ATTEST:                               ROADWAY EXPRESS, INC.

By:   _____________________           By:    ______________________

Name: _____________________           Name:  ______________________

Its:  _____________________           Its:   ______________________

                                      BANK ONE, AKRON, N.A.

                                      By:   ____________________

                                      Name: ____________________

                                      Its:  ____________________



                                      10
<PAGE>   20


                                       

                  AMENDED AND RESTATED INTERCREDITOR AGREEMENT
                  --------------------------------------------

        Roadway Express, Inc., a Delaware corporation (herein called the
"DEBTOR") from time to time incurs Obligations (as defined below), direct and
/or contingent, to each of the undersigned (herein each called a "CREDITOR" and
collectively the "CREDITORS").
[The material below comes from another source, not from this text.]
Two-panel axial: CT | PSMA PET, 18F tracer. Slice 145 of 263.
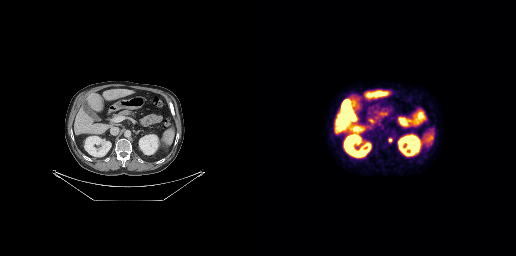
Coordinates are on the 256×256 PET (right) panel. PSMA-avid tumor lesion bounding boxes:
| # | x0 | y0 | x1 | y1 |
|---|---|---|---|---|
| 1 | 128 | 138 | 132 | 142 |

It is hereby agreed:

                        1.  "CREDIT AGREEMENTS" means each of the Morgan
                Agreement and the Bank One Agreement; "BANK ONE AGREEMENT"
                means the Credit Agreement made as of January 2, 1996 between
                the Debtor and Bank One, Akron, N.A. ("BANK ONE"), as from
                time to time amended, supplemented or modified; and "MORGAN
                AGREEMENT" means the Credit Agreement, dated as of July 15,
                1996 between the Debtor and Morgan Guaranty Trust Company of
                New York ("MORGAN"), as from time to time amended,
                supplemented or modified.

                        2.  "OBLIGATION" means any amount due or to become due
                a Creditor under its respective Credit Agreement;
                "Obligations" has a correlative meaning.

                        3.  Each of the Creditors acknowledges that it is
                anticipated that the total amount of Obligations of the Debtor
                outstanding at any time to the Creditors shall not exceed in
                the aggregate the principal amount of $50,000,000, as follows:
                (a) not more than $25,000,000 owing to Bank One; and (b) not
                more than $25,000,000 owing to Morgan.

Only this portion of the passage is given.